I think that Kalai here is very seriously understating how fringe/contrarian his views are. He's not merely stating that there's too much optimism about potential future results, or that there's some kind of intractable theoretical or practical bottleneck that we'll soon reach and won't be able to overcome. He's saying that any kind of quantum advantage—a thing that numerous experiments, from different labs in academia and industry, using a wide variety of approaches, have demonstrated over the past decade—is impossible, and therefore all of those experimental results were wrong and need to be retracted. His position was scientifically respectable back when the possibility he was denying hadn't actually happened yet, but I don't think it is anymore.

throw_pm23 a day ago | parent [-]

I think he is playing it smart. The more fringe/contrarian it is, the bigger the payoff if he turns out to be right. So far nothing of much use came out of QC, and if nothing will, then the hype pendulum swings back at some point, and he will win big. If not, his position will seem silly, but not much risk to his reputation, being skeptic of a new model is intellectually fine and even courageous if it goes against the mainstream. I see it as those who called out "replication crisis" in social sciences.

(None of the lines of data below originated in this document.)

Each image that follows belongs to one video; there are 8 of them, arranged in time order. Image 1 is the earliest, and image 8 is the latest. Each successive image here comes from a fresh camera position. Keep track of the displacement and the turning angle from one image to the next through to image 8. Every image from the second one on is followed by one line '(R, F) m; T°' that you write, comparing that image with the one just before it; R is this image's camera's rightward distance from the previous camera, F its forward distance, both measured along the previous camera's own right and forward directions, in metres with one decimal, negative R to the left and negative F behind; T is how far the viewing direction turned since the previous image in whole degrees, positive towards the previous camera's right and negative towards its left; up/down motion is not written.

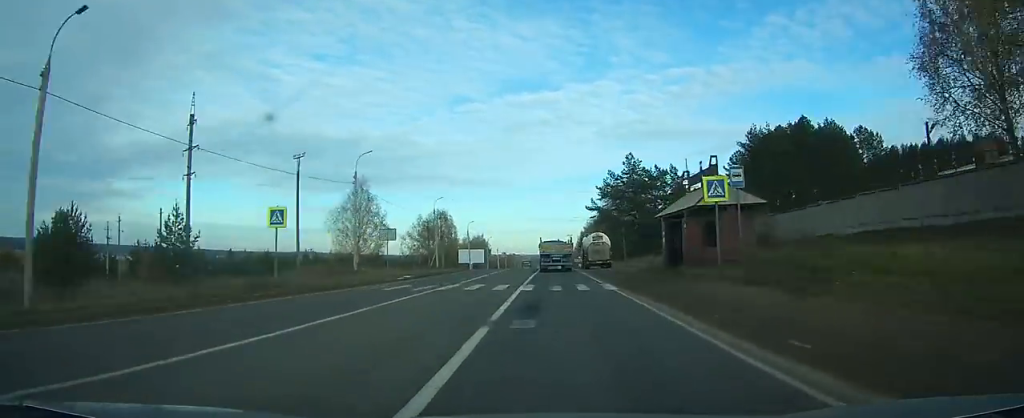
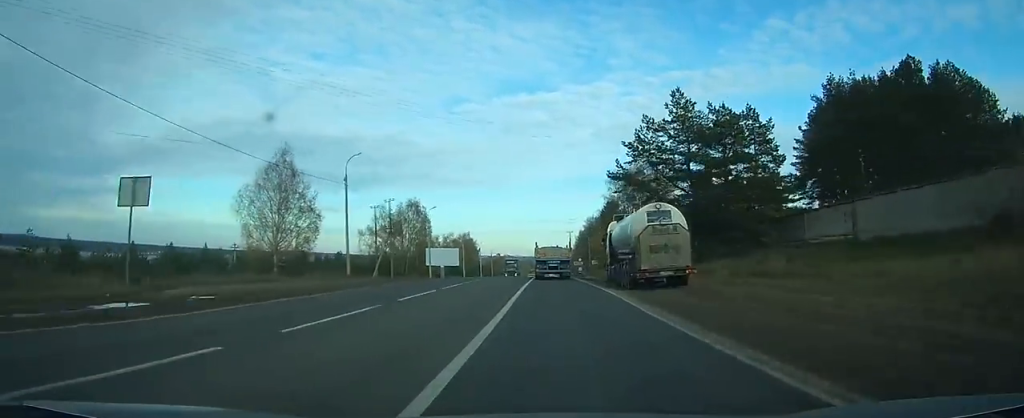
(-0.2, +33.9) m; 0°
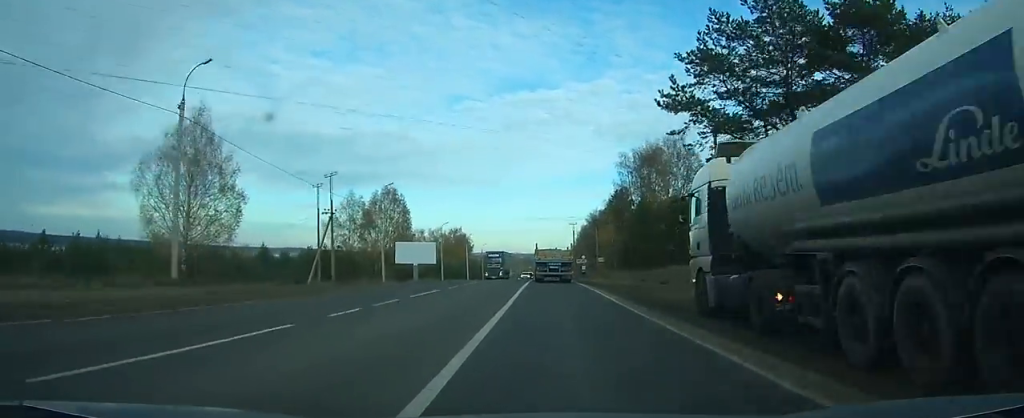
(+0.1, +21.8) m; 0°
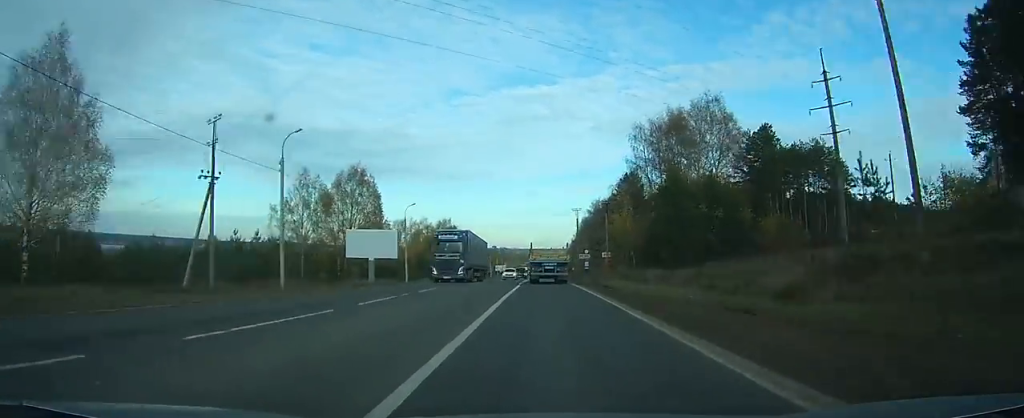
(+0.1, +21.4) m; 0°
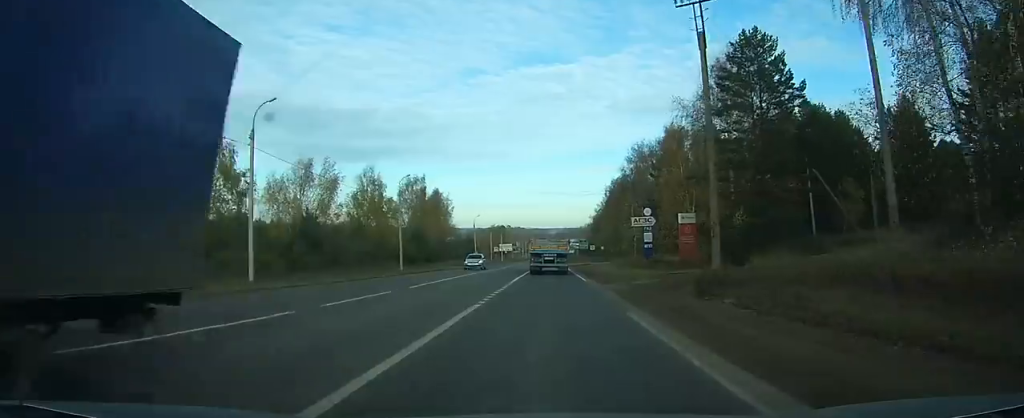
(0.0, +67.8) m; 0°
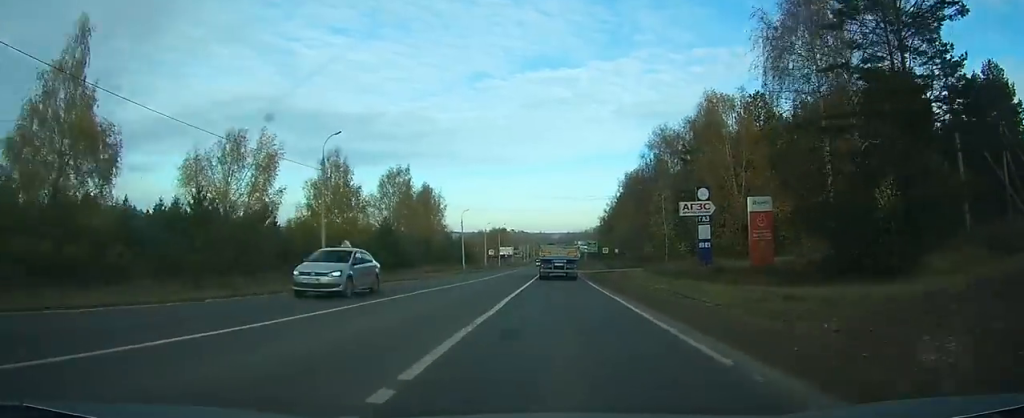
(-0.1, +21.5) m; 0°
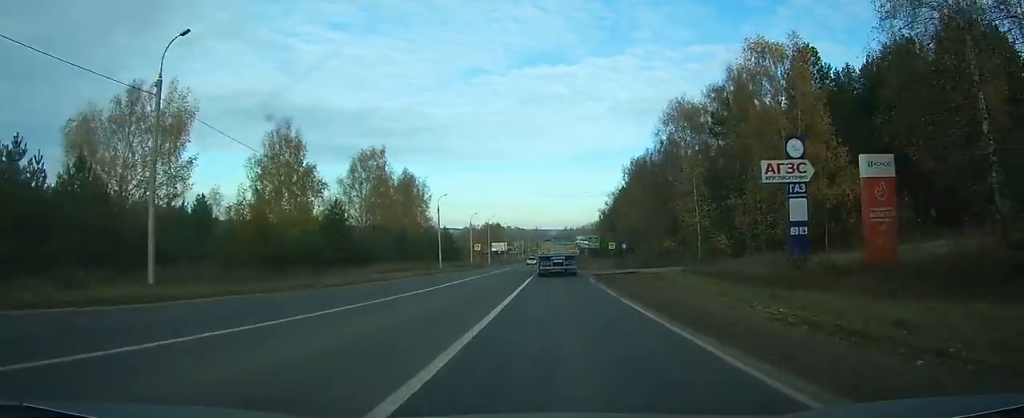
(0.0, +17.1) m; 0°
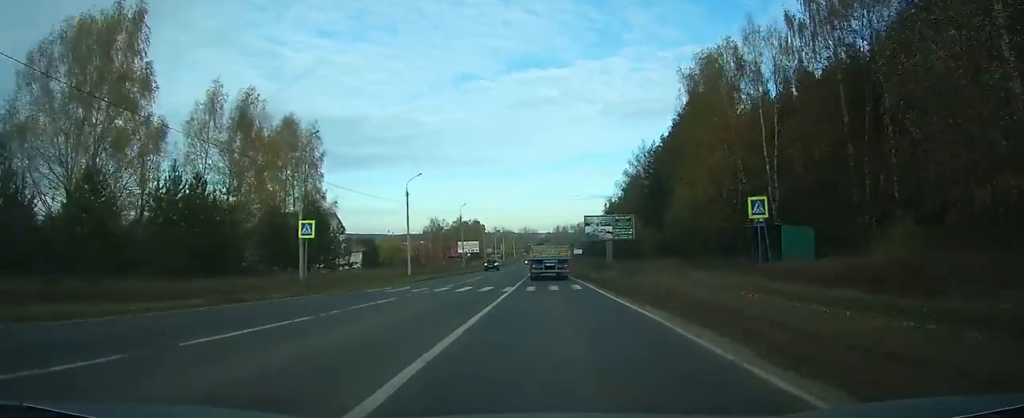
(+0.1, +68.4) m; +1°

ameliaquining 4 hours ago | parent [-]

If quantum computing never becomes commercially useful, Kalai will still have been wrong, because his claim is that things that have already happened are impossible. Perhaps in that case he might find it useful in public discourse to have "quantum skeptic" cred, since there'll be a general sense that the "quantum skeptics" were right, but that wouldn't change the fact that he specifically was wrong.